Background: The MonarchE and NATALEE trials have established adjuvant CDK4/6 inhibitors (abemaciclib and ribociclib) as pivotal therapies for high-risk hormone receptor-positive (HR+) early breast cancer (EBC). However, real-world data regarding the populations eligible for these trials remains limited, especially in Asian cohorts, highlighting the need for data that bridges the gap between trial findings and clinical practice in diverse settings.
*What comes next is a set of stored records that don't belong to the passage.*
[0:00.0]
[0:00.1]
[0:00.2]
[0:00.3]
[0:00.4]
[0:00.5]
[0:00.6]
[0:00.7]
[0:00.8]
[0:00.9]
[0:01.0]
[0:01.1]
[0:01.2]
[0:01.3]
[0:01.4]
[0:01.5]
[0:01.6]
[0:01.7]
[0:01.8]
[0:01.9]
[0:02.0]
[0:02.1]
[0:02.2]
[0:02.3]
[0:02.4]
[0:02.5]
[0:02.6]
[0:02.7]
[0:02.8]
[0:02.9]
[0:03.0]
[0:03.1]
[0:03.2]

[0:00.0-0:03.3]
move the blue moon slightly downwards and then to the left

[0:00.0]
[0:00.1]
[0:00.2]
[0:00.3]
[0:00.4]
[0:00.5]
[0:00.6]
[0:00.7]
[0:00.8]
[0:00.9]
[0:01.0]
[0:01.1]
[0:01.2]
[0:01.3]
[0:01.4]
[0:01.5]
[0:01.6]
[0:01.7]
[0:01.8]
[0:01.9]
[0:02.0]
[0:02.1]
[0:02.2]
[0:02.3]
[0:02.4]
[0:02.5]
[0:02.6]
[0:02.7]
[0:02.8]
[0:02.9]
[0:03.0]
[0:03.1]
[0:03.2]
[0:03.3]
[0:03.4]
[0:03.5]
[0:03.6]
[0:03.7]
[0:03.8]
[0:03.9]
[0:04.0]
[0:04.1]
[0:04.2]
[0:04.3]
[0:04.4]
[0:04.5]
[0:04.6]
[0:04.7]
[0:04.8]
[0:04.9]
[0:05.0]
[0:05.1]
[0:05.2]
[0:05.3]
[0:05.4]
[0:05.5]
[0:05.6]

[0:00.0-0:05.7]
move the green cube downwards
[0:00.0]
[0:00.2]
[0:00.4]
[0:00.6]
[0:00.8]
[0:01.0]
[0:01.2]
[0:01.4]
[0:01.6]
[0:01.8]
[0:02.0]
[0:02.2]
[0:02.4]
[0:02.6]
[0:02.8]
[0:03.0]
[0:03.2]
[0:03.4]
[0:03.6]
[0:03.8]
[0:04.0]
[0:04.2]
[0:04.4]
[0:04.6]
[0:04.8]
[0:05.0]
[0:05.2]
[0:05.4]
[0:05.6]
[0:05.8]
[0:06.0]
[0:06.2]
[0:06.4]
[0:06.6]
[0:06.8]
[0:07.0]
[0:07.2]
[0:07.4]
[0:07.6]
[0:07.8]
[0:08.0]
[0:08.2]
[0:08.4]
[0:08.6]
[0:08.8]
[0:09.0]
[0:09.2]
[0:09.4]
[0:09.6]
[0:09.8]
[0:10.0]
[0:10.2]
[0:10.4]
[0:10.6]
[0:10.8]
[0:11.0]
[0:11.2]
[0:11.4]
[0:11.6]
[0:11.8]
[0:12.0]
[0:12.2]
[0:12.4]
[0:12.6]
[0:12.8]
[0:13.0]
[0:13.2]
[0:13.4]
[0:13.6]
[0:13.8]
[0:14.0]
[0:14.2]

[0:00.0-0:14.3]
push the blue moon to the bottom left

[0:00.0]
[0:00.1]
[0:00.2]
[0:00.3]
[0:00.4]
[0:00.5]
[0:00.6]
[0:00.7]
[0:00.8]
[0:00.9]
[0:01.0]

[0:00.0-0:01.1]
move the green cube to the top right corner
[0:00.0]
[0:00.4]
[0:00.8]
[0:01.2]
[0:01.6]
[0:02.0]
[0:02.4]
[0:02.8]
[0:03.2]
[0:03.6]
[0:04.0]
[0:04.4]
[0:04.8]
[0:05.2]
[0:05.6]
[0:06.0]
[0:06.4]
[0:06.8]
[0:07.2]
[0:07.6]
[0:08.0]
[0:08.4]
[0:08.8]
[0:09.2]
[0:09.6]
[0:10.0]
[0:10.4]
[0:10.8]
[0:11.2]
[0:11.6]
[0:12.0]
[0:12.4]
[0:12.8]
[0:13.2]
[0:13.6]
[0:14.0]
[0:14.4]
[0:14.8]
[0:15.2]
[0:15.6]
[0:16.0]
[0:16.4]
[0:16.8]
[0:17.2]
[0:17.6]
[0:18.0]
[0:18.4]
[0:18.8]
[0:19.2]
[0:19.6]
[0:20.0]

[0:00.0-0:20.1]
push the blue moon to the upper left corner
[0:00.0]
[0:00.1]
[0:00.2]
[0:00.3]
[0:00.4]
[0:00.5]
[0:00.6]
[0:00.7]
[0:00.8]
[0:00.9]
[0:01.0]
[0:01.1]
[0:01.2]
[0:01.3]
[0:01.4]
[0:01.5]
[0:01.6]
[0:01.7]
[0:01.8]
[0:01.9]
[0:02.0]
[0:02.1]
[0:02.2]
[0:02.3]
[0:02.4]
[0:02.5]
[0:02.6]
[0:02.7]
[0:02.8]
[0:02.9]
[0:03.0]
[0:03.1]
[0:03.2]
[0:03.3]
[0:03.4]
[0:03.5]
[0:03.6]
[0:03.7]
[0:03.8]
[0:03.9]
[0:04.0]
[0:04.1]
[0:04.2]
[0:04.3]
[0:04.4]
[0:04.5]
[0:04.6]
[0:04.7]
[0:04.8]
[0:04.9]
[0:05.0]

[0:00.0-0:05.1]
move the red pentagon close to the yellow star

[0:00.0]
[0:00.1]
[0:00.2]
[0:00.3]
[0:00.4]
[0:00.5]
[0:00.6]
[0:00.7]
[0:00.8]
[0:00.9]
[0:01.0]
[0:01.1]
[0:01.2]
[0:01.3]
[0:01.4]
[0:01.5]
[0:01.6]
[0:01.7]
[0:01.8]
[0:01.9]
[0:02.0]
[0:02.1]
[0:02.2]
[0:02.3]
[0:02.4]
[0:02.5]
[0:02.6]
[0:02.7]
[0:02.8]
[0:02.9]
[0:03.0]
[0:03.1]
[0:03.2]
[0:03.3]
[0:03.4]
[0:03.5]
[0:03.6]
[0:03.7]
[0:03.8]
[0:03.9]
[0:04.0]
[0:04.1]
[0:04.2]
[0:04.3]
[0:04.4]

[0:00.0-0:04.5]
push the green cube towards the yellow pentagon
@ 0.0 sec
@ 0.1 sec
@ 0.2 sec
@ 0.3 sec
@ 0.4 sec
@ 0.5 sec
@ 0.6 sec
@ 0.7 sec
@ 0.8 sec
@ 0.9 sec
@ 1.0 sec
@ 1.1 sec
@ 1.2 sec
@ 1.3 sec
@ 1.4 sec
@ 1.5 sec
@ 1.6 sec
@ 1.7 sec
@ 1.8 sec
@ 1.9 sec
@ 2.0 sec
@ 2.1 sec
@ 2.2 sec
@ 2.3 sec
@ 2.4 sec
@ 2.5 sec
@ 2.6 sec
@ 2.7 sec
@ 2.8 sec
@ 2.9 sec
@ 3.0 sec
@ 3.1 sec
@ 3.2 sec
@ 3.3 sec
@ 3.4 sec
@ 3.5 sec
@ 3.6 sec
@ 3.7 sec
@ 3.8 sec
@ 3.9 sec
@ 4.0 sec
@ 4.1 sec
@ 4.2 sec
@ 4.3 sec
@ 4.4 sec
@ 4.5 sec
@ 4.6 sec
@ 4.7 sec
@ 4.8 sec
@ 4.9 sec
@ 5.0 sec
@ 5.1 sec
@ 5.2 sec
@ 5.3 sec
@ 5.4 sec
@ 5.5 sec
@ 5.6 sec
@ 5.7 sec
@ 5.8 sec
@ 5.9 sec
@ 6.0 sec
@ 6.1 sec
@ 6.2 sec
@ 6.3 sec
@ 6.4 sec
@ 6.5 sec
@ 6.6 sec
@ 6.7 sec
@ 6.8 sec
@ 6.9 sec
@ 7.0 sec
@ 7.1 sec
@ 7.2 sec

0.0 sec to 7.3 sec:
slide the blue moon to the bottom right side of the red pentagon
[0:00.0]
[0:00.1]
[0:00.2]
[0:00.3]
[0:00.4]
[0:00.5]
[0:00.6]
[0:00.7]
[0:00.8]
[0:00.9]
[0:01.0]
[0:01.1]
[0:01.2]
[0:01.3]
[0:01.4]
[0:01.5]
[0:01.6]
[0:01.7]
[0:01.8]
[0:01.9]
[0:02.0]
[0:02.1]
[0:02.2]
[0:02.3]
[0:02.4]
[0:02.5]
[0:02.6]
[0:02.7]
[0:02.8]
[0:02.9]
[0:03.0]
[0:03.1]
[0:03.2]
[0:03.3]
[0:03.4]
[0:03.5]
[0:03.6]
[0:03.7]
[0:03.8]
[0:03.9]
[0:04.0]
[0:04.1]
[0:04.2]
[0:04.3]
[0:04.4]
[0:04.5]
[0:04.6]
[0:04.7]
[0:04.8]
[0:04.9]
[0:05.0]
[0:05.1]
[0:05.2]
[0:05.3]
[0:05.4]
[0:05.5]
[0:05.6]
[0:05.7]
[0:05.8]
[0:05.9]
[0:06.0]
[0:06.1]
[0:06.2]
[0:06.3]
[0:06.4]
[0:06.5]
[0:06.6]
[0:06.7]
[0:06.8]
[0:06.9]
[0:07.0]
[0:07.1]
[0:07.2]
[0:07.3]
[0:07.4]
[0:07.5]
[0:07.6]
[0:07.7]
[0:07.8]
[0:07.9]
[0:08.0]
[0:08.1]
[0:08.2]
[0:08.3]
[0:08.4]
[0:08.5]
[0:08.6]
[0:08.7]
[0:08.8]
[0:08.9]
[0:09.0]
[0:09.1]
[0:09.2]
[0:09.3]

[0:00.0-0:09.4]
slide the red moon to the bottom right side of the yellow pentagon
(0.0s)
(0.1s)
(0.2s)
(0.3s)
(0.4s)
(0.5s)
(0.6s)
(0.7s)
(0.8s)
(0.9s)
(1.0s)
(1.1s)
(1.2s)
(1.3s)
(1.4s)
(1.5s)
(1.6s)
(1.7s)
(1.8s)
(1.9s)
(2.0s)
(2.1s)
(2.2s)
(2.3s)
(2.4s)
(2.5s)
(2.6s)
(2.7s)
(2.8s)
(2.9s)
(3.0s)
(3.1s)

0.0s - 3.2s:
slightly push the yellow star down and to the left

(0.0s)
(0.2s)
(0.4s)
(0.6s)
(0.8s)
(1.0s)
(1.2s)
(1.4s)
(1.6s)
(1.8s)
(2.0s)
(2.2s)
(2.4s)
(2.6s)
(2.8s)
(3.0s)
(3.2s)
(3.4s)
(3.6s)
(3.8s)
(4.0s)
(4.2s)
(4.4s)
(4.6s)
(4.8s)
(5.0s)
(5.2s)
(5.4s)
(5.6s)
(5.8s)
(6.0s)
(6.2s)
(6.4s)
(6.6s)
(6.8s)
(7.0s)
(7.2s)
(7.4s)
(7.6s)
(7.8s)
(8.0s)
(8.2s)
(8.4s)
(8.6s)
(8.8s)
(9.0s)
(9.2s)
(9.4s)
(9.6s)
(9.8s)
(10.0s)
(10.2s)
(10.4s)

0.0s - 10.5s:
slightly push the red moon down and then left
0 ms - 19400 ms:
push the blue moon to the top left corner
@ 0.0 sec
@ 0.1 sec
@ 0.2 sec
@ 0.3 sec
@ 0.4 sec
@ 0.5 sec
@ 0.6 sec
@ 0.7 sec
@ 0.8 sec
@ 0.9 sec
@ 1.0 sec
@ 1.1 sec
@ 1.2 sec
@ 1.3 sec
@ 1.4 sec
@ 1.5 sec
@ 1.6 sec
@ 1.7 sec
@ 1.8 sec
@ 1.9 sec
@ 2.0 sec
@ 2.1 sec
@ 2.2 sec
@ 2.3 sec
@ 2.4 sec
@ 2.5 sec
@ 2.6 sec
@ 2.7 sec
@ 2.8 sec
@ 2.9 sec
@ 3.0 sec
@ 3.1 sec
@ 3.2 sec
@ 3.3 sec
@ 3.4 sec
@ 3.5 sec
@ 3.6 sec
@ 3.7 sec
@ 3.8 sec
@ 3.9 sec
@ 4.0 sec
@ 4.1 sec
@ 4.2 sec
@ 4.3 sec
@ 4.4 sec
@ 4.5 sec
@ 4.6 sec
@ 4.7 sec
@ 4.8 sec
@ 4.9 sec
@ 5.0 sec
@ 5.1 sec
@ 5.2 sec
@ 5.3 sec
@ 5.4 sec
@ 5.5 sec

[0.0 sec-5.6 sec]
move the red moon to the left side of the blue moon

We conducted this real-world study in a central Chinese population to identify patient characteristics potentially associated with clinical benefits from CDK4/6 inhibitors such as abemaciclib and ribociclib.

Methods: This retrospective study analyzed 1,947 patients with stage I-III HR+ invasive breast cancer (BC) treated at Xiangya Hospital, China, from 2015 to 2021. The clinicopathological profiles of patients meeting the eligibility criteria of the MonarchE and NATALEE trials were compared. Eligibility was defined according to trial-specific inclusion criteria: MonarchE required ≥4 positive lymph nodes (LNs) or 1-3 LNs with tumor size ≥5 cm or grade 3 histology (Cohort 1), or 1-3 LNs with Ki-67 ≥20% (Cohort 2). NATALEE included stage IIB-III and high-risk stage IIA (T2N0 with grade 3 or Ki-67 ≥20%).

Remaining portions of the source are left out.